The analysis and the stuff I'm going to show today doesn't show that data, because of confidentiality reasons, but it has very similar properties.

But what I really want to talk to you today is about cutlery drawers, and what they say about you. Now, these cutlery drawers are from people that you might bump into at this conference, and I think it's an interesting exercise in how people arrange things, structure things, whether they do it by size, whether they do it by most frequently used, the differences between perhaps US and European cutlery drawers.

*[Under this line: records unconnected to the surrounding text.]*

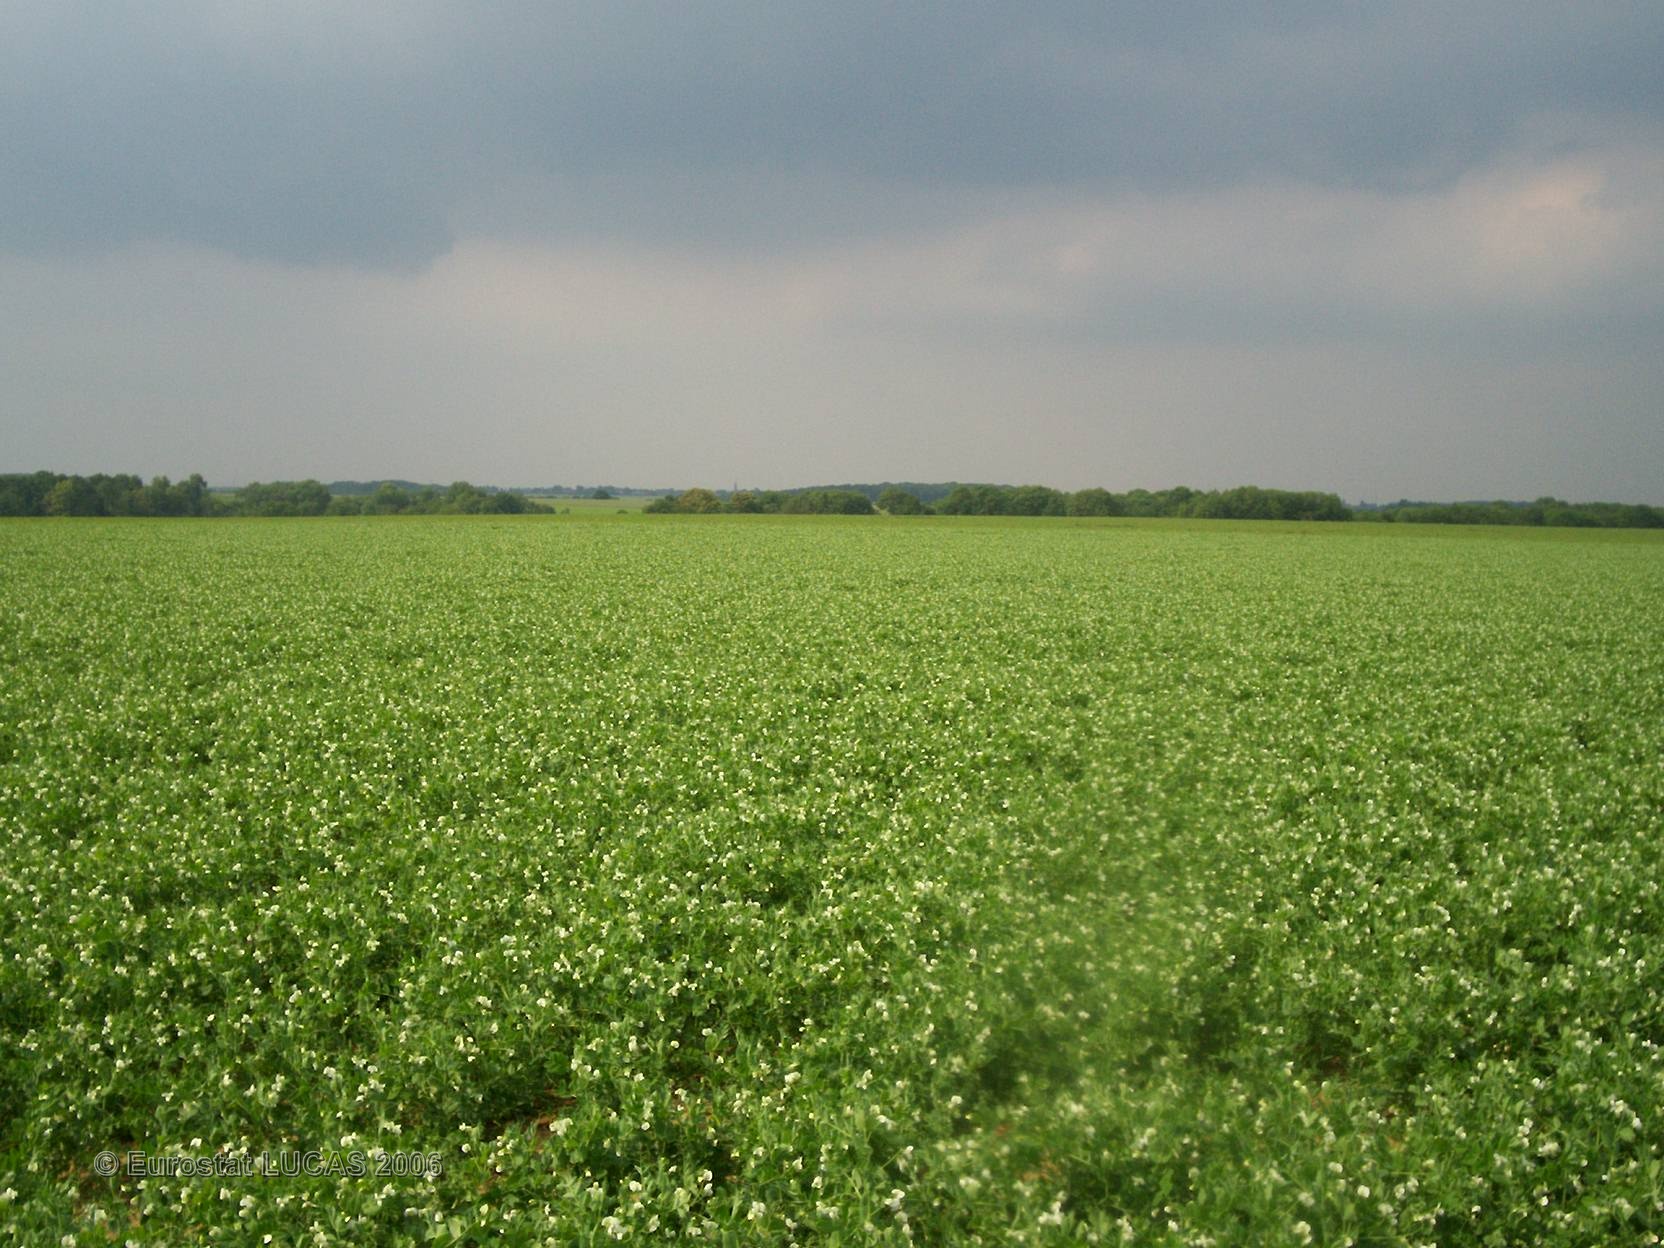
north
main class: Cropland
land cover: Other fresh vegetables
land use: Agriculture (excluding fallow land and kitchen gardens)
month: June
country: FR
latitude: 49.6801
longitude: 2.7130
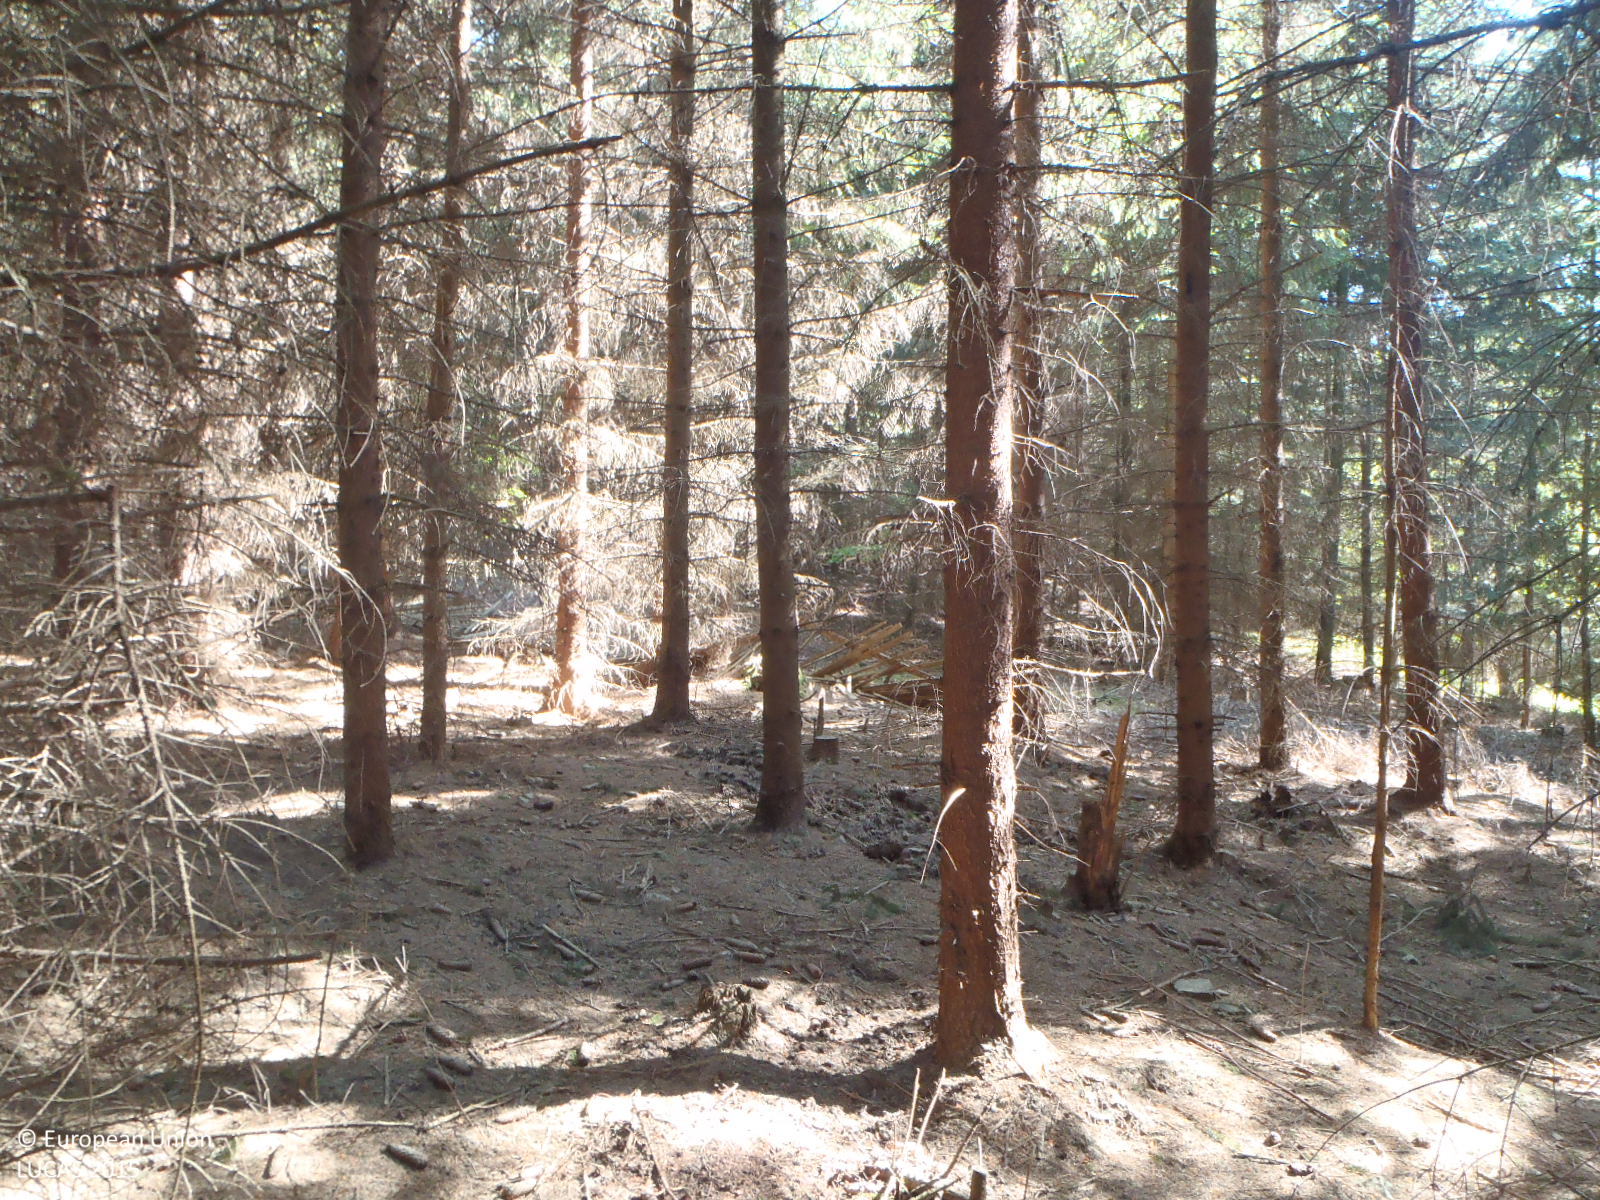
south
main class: Woodland
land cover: Spruce dominated coniferous woodland
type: hemiboreal forest and nemoral coniferous forest and mixed broadleaved-coniferous forest
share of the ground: > 75 %
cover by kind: coniferous forest trees 95 %, unconsolidated bare surface 5 %
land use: Forestry
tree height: > 5 m
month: May
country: CZ
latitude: 49.1116
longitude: 15.5519
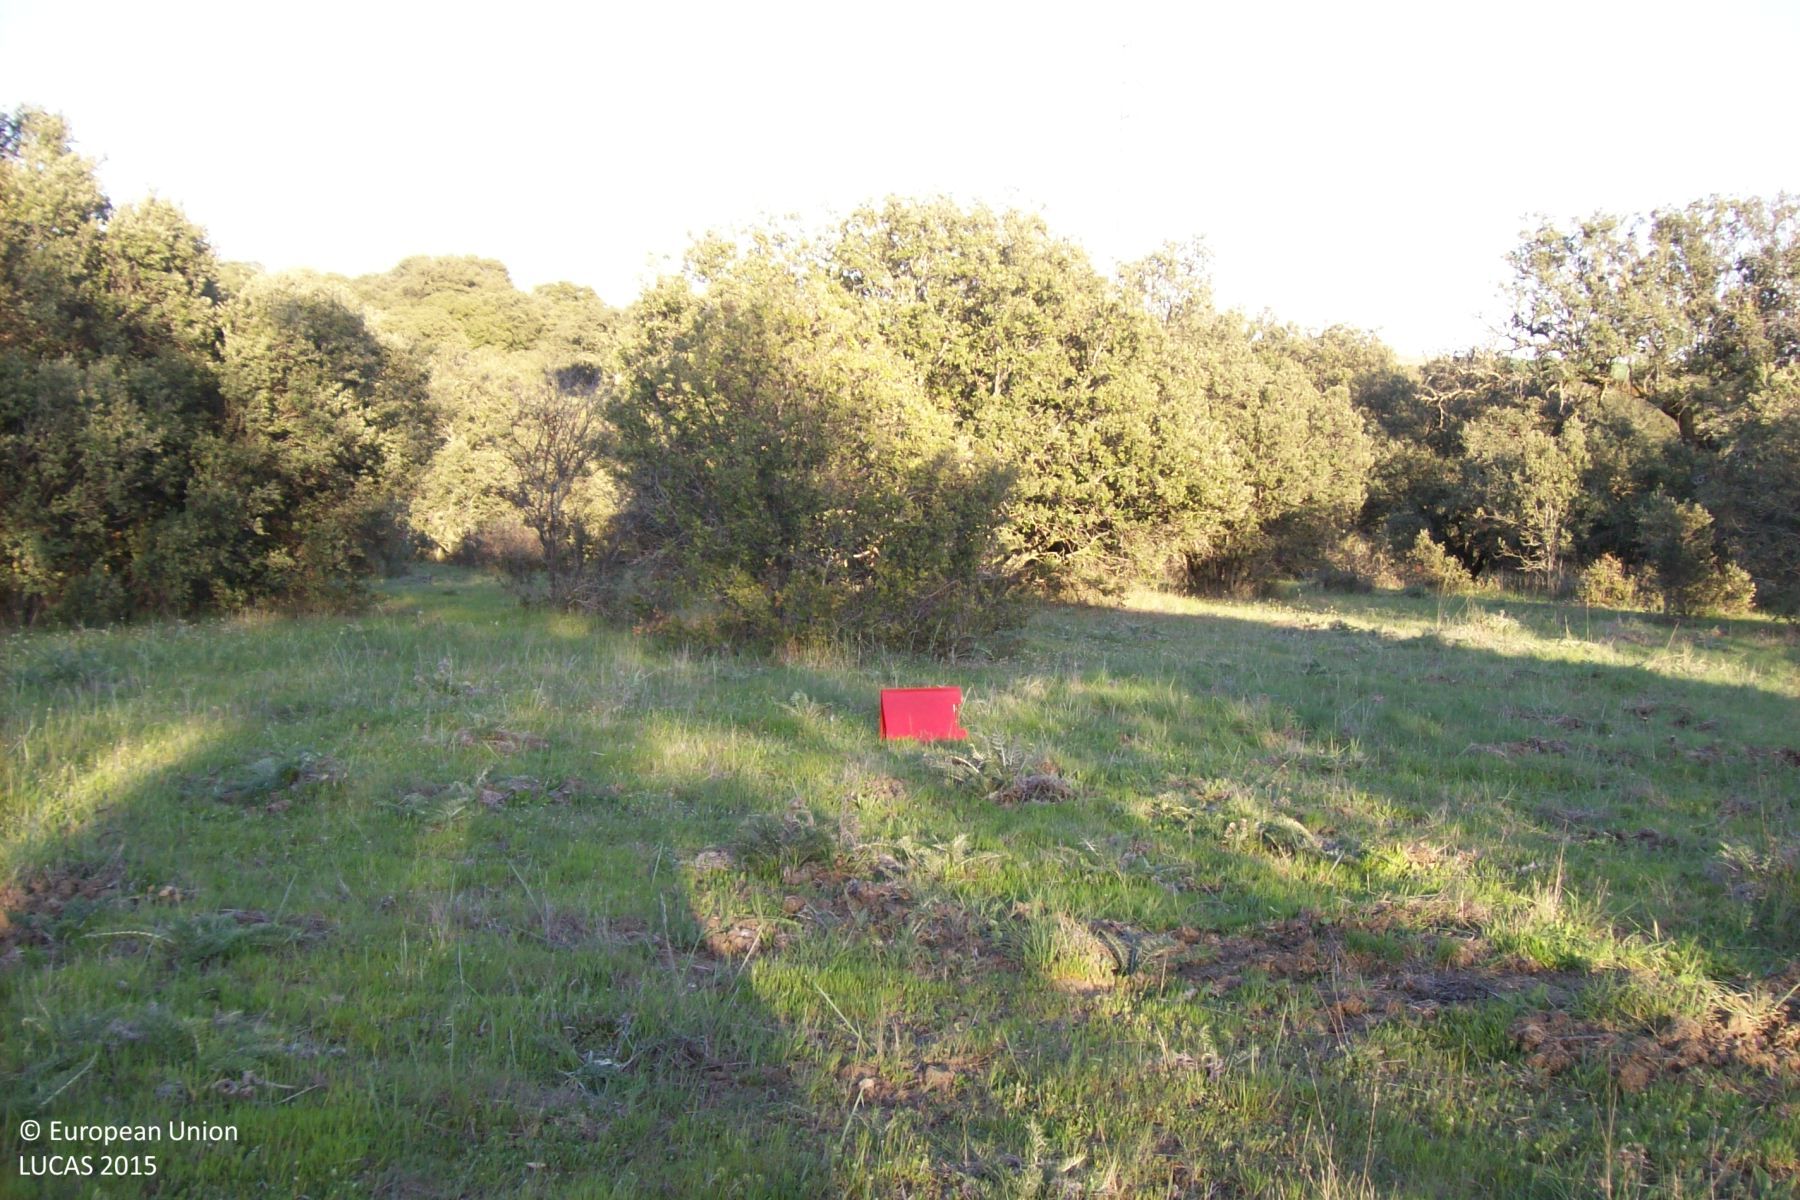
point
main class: Woodland
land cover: Broadleaved woodland
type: broadleaved evergreen forest
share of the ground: 25 - 50 %
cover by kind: herbaceous plants 55 %, broadleaved forest trees 45 %
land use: Forestry
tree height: < 5 m
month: April
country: ES
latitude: 40.4218
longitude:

But here's mine. If you visit my house, you'll see my cutlery drawer. My wife will also be very surprised that you're visiting the house, and quite alarmed that you just want to see the cutlery drawer.

Now, I did the tidyverse Train the Trainer course, and thanks to Greg and Garrett for teaching on that, and I'm now taking every opportunity to have a learning experience for the tidyverse. So, if you take cutlery drawer, you might want to group by type. You want to gather those things together and arrange, and if you could do that from my cutlery drawer, I would be really happy.

New hashtag for the conference is untidyverse. And I'm really pleased that XKCD views the need for tidiness in the house in very similar ways. You can get Wi-Fi in a laptop. You can put all your other possessions in a big bucket marked miscellaneous.

The lazy, distracted brain problem

Okay, here's the premise for my talk. My brain is lazy, shallow, and very easily distracted. I hesitate to say that your brain is the same, but then we had Zhou Cheng up here telling us all that our intuition sucks. So I think some people in this audience must have a brain that's lazy, shallow, and easily distracted.

My brain is lazy, shallow, and very easily distracted.

Now, we're all familiar with this plot that's from the R4 Data Science book, and it gives us a framework or a structure for understanding any analysis. And on the Not So Standard Deviations podcast recently, there was a good discussion about this, and they came to the conclusion that really this is just a framework. It's a mental model. Real data analysis don't necessarily have to follow all of these steps or in sequence.

So let me explain to you something about my data analysis and how it works in practice. And I'm sure that these experiences I'm going to relate are just for me alone. So it's not you guys, you have your stuff well together, this is just me.

So I go and I get an email from my colleague who has a link to the data source. I download that data source, I read it into R, I wrangle the data, and I plot it. And then there's some time to step back, to reflect on my plot, to think about what it looks like, so that after lunch I can come back and make better plots. And I might fit a preliminary model to the data, hey, it's the end of the day, it's time to go home.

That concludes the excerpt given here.